Tu fais partie de la scène musicale caennaise, scène en ébullition. Quel est ton point de vue sur cette scène, son organisation et sur le rôle que peut jouer le label et projet Combien Mille dans ce dynamisme ?

A Caen, tout est mélangé. Il y autant les Concrete Knives, les Granville que Superpoze, Baadman ou moi. On gravite tous un peu autour de la salle de Caen, le Cargö, qui fait un super boulot d’accompagnement d’ailleurs. Combien Mille a été un projet crée entre autres par Superpoze au moment où il a commencé à grimper. A la base, on faisait de la radio avec lui et c’est un délire qui est venu de là, de l’idée de créer quelque chose qui soit très interactif. Il l’a crée avec deux potes à lui qui étaient à l’école des Beaux-Arts. Leur but était de créer des CD, des beaux objets d’artistes signés sur ce label. Du coup ils ont fait ça pour Superpoze, ils ont refait ça pour son EP. En ce qui me concerne, ils ont réalisé une petite vidéo ou encore la pochette de Morning in Japan. A la base, c’était quelque chose de local. Moi je suis un peu un astéroïde qui gravite autour parce que je suis aussi à Paris donc même si je connais tout le monde assez bien, j’ai un peu moins de lien que Superpoze peut avoir avec la scène caennaise.

Courant novembre, tu sors ton quatrième EP, Dark Lands. Pour la suite tu vas continuer à fonctionner par EP, à te construire par le live ou as-tu un projet d’album ?

Pour l’instant, l’EP c’est un format qui me va bien parce que je produis beaucoup. Un album c’est vraiment un projet en soi avec un fil conducteur. Pour le moment, je n’ai pas ce fil conducteur et je n’ai pas l’envie et la matière pour créer un album. C’est peut-être un projet pour plus tard mais pour l’instant je compose très spontanément et c’est pour ça que j’aime bien la forme de l’EP.

Entre le tremplin AOC de Normandie, le festival Beauregard 2013 ou encore tes prochaines Trans Musicales : quel regard portes-tu sur ton parcours notoire ?

Ça me dépasse complètement, comme pour Morning in Japan playlisté sur Nova.

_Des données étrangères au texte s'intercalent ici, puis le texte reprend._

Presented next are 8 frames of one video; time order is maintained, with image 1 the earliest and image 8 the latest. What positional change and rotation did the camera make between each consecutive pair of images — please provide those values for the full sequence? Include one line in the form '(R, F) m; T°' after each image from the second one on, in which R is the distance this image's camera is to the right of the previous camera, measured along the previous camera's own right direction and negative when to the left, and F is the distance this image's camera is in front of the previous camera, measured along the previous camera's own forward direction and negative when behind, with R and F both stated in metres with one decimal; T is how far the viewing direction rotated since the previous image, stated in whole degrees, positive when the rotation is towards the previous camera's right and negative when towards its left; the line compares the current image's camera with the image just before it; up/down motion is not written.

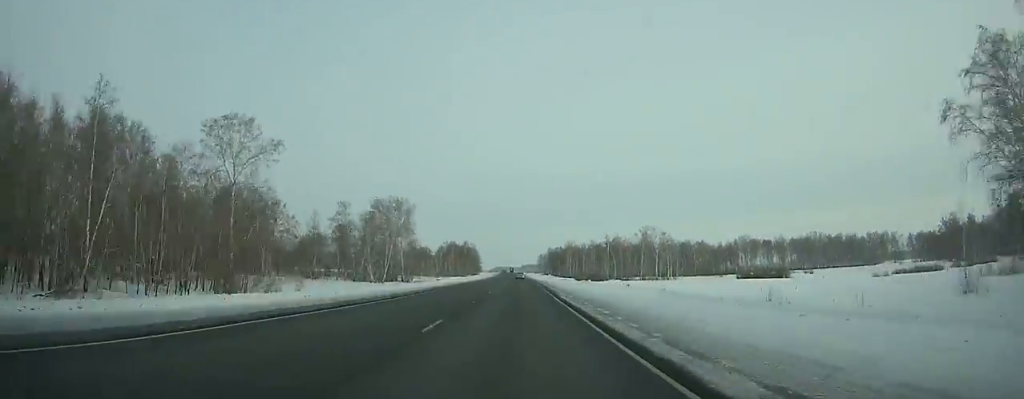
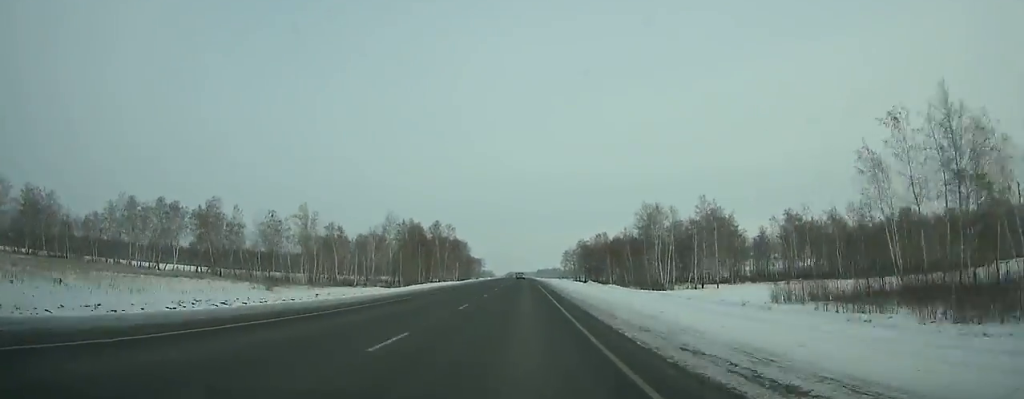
(-0.9, +159.8) m; -1°
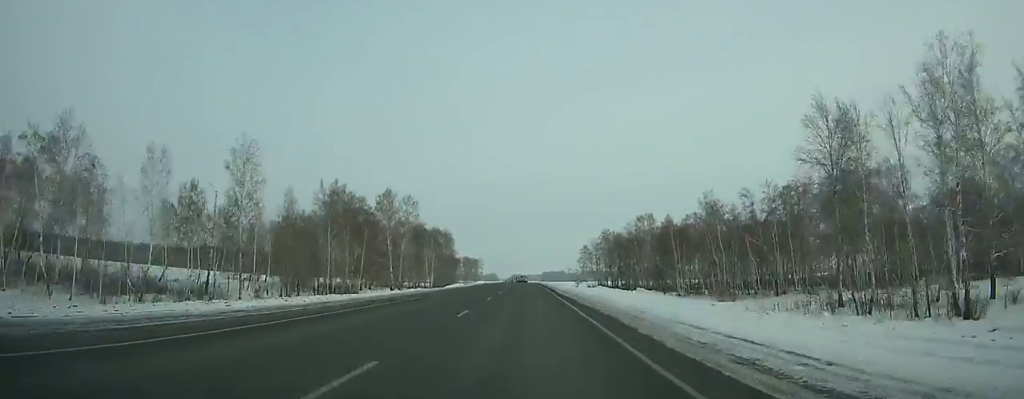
(-0.4, +76.3) m; 0°
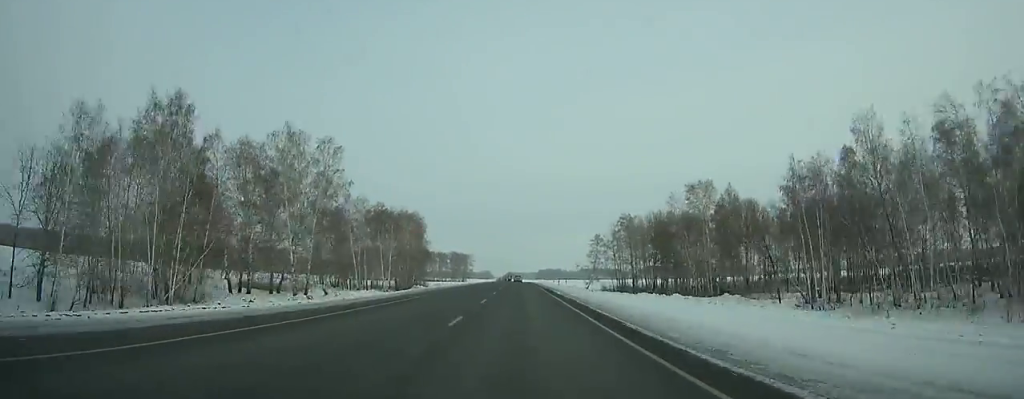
(+0.1, +50.2) m; 0°
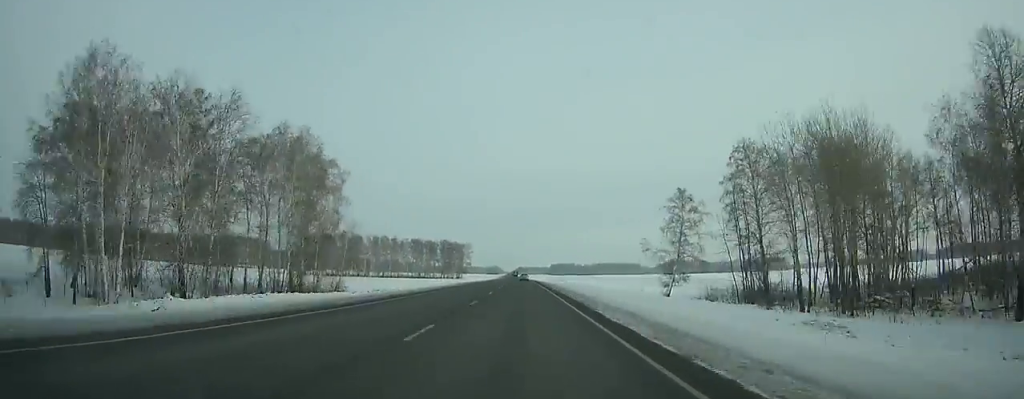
(-0.4, +89.2) m; -1°
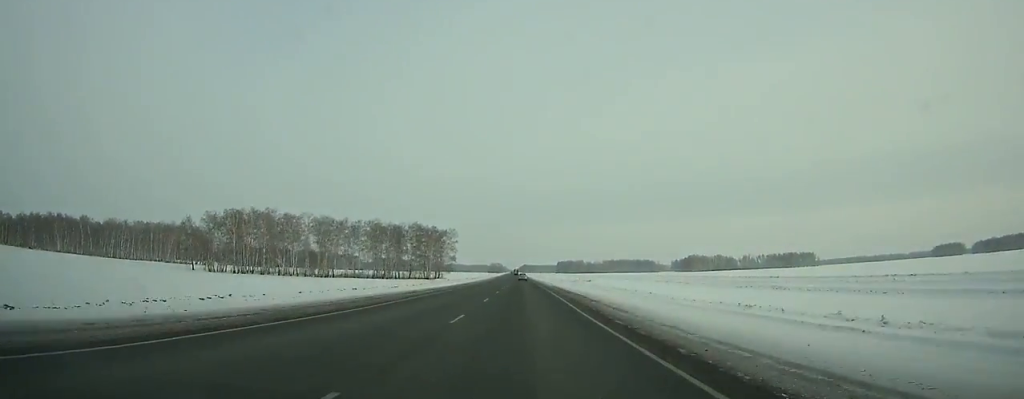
(-0.6, +93.0) m; -1°
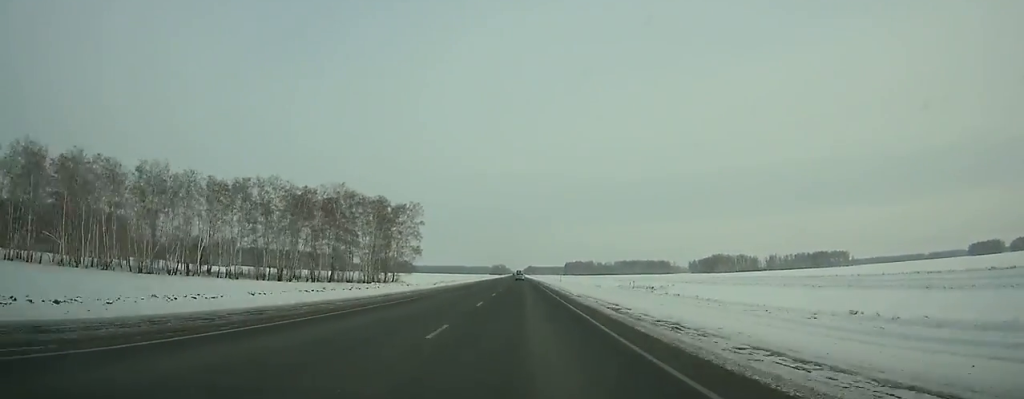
(-0.5, +87.7) m; -1°
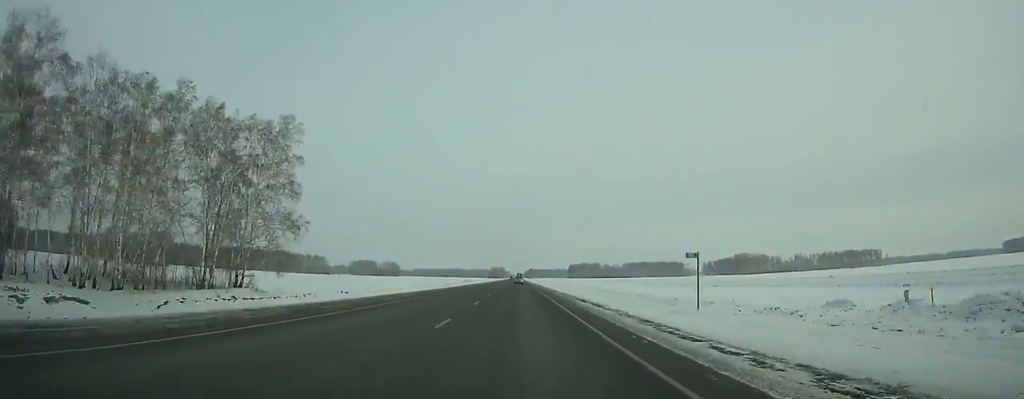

Mon label et mon tourneur ont fait un super boulot et  j’essaye vraiment de prendre du recul par rapport à ça et de garder l’innocence que j’avais au début pour composer les morceaux, pour ne pas essayer de rentrer dans un espèce de délire. Il y  a une attente de la part d’un public mais je vais essayer de continuer à tracer ma route et d’être moi-même pour créer la surprise ou la déception. Pour l’instant c’est vraiment spontané, je n’ai pas pris le temps de me poser et d’y réfléchir. Je vis les trucs au jour le jour. Par exemple, les Trans Musicales c’est une date qui me met beaucoup de pression mais je pense que ça va être une superbe occaz’.

Pour finir, qui tourne en boucle dans ton MP3 en ce moment ?

Les albums Glow de Jackson and his Computer Band et II de Moderat.

Merci à Fakear pour avoir répondu à nos questions.